Très résistant, le chanvre ne nécessite aucun pesticide et consomme très peu d'eau. Ces qualités ont poussé des producteurs de lin à tenter l'expérience dans l'Oise. Si les essais sont concluants, le chanvre pourrait remplacer le lin de printemps dont les dernières récoltes ont été très difficiles.
En représentant près d'un tiers de la production, la France s'impose comme leader européen du chanvre. Cette plante à fort potentiel séduit de plus en plus les producteurs de lin qui y voient une culture complémentaire à leur activité.
Dans l'Oise, la coopérative agricole Lin 2000 tente l'expérience. Une première à l'échelle européenne. 5 000 hectares sont aujourd'hui cultivés, notamment autour de Grandvilliers.
"C'est une culture qui arrive à pousser dans des conditions un peu plus dures que le lin, explique Sébastien Jumel, président de la coopérative, et d'un autre côté, dans notre secteur, on a besoin d'assurer le fonctionnement et la pérennité de l'usine. Même si le gros du marché reste le lin textile, on a de nouveaux débouchés qui s'ouvrent à nous."

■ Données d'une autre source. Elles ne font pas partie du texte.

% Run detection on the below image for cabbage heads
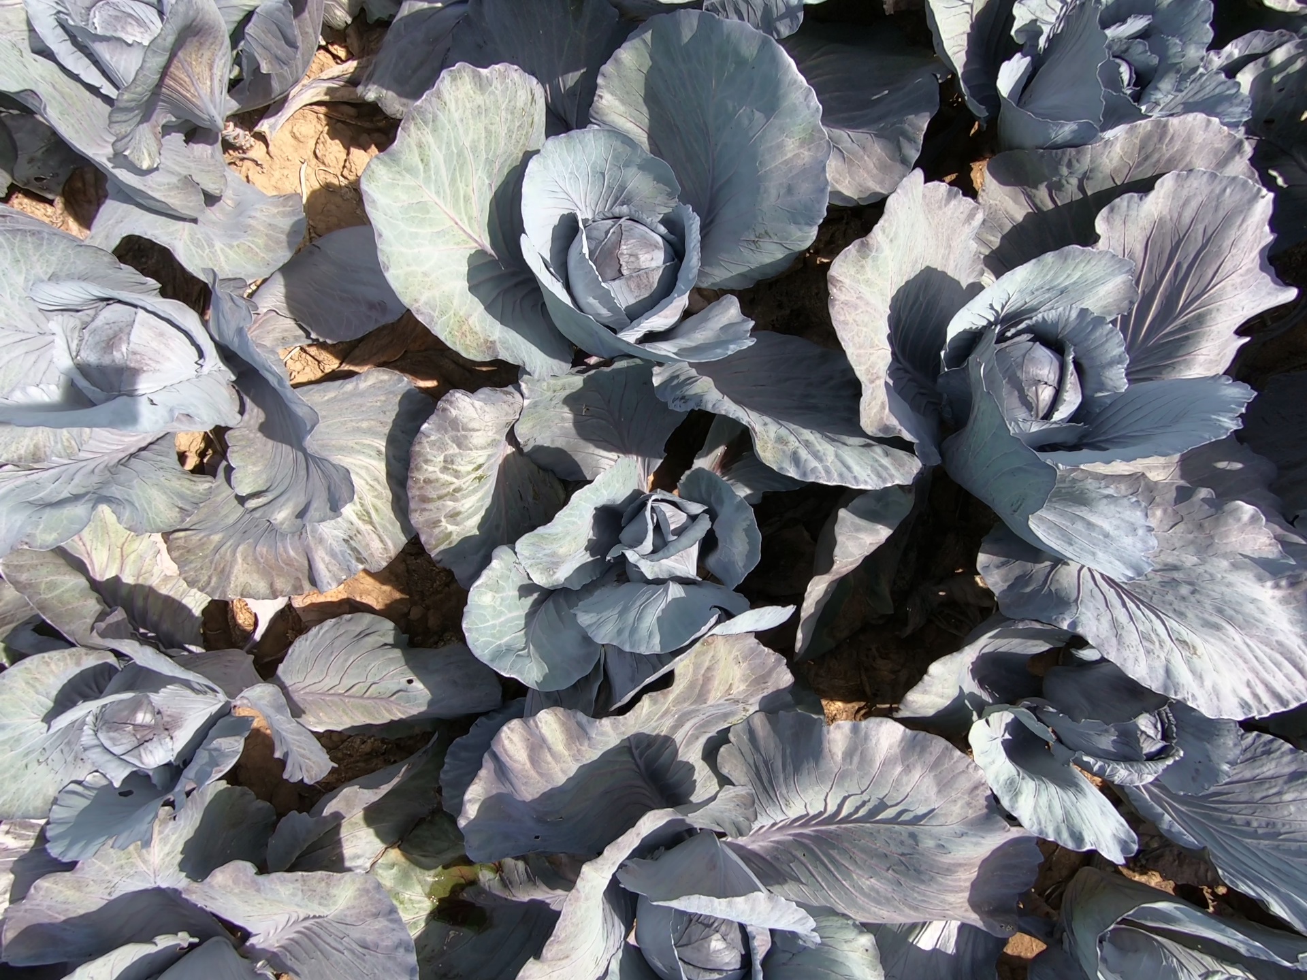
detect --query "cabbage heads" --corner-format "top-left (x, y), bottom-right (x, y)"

Installé dans le secteur, Hervé Bahu n'a pas hésité à mettre cinq hectares à disposition. Aujourd'hui, c'est l'heure de la première récolte. "Je suis producteur de lin depuis quelques années et le lin de printemps, avec le changement climatique, on a du mal à faire du rendement".
Une plante vertueuse
Très répandu en Asie, le chanvre ne nécessite aucun pesticide et consomme très peu d'eau. Il pourrait bien à terme remplacer ici le lin de printemps dont les dernières récoltes ont été compliquées. Pariant sur l'avenir, la coopérative Lin 2000 accompagne les agriculteurs volontaires. "On a cultivé une vingtaine d'hectares sur la coopérative, rapporte Sébastien Jumel. Il s'en cultive près de 700 hectares en France. On ne connaît pas le potentiel de la plante dans notre région. On sait qu’il y a un intérêt écologique et l’intérêt économique, on va le voir se dessiner au fil des années. Si la demande existe, si les potentiels dans nos parcelles sont intéressants, on intensifiera peut-être un peu, mais aujourd’hui on n’en est qu’aux balbutiements."

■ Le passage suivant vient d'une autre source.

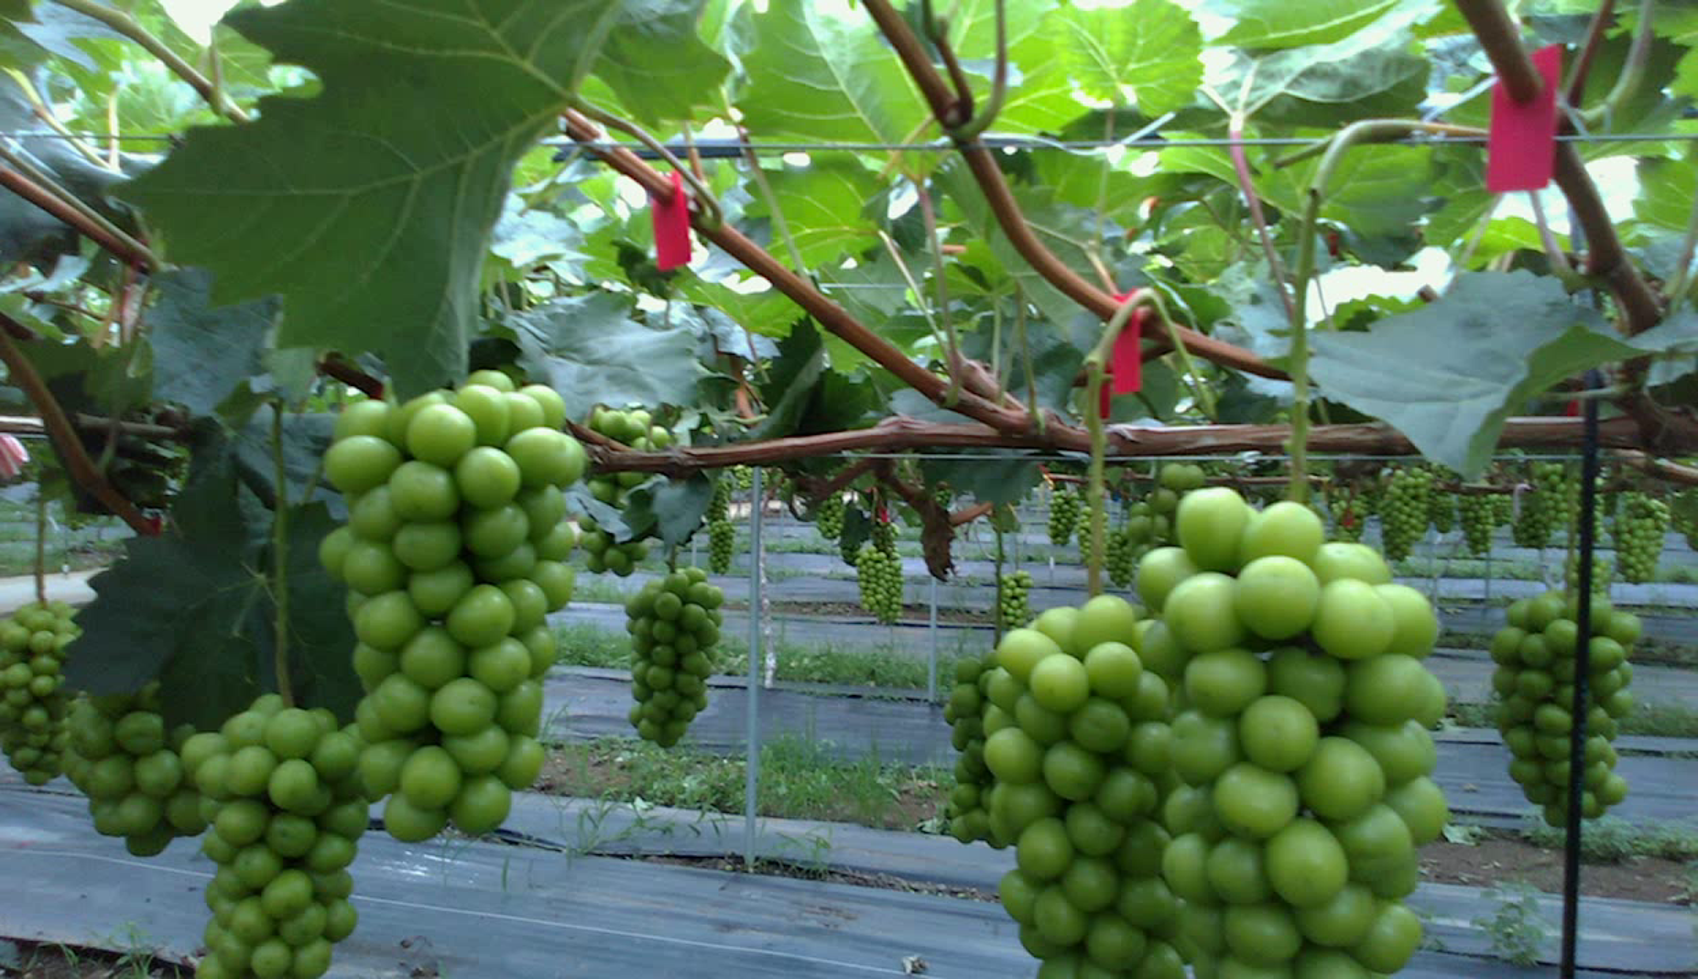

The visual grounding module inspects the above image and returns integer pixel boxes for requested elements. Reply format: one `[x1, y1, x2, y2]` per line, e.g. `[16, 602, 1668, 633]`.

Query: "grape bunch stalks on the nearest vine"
[271, 404, 293, 710]
[1287, 120, 1486, 503]
[1084, 284, 1218, 601]
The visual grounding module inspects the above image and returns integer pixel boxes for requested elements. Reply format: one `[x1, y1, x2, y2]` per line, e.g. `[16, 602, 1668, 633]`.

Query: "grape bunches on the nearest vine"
[982, 593, 1200, 978]
[1135, 488, 1449, 978]
[59, 680, 211, 857]
[181, 693, 370, 978]
[318, 368, 586, 843]

Si la culture présente de nombreux avantages, sa récolte demande en revanche plus de technique, avec un matériel spécifique et un temps d'intervention variable selon la destination de la production. La coopérative, elle, a choisi d'investir. La machine en charge de faucher le chanvre a été créée l'année dernière près de Caen. Six sont sorties de l'usine. Romaric Lebrun apprend à la maîtriser : "pour cette première année, on n'a pas eu de pannes mécaniques ni de gros soucis. C’est plutôt bon signe".
Une récolte délicate
L'opération est délicate et les réglages des différents éléments de la moissonneuse doivent être minutieux pour arriver à un résultat proche de celui du lin. Pour Guillaume Vandenbergh, en charge du projet, les prochaines étapes seront cruciales. "Après le fauchage qui consiste à séparer la plante en deux parties, on va amorcer le processus de rouissage, une dégradation de la plante par une succession de pluie et de soleil qui va permettre d'extraire la fibre de la plante et c'est avec cette partie-là qu'on obtient la filasse".
Toute cette récolte devrait conduire à la production de chemises et de linge de maison. Les premiers résultats sont annoncés pour le mois d'octobre.
La filière du chanvre pourrait constituer un atout pour assurer l'avenir des producteurs de lin. Les professionnels de la filière dénombrent plus de 600 produits dérivés du chanvre brevetés dans le monde. La France innove avec notamment le béton de chanvre. En 2024, certains bâtiments du village olympique devraient être à base de chanvre.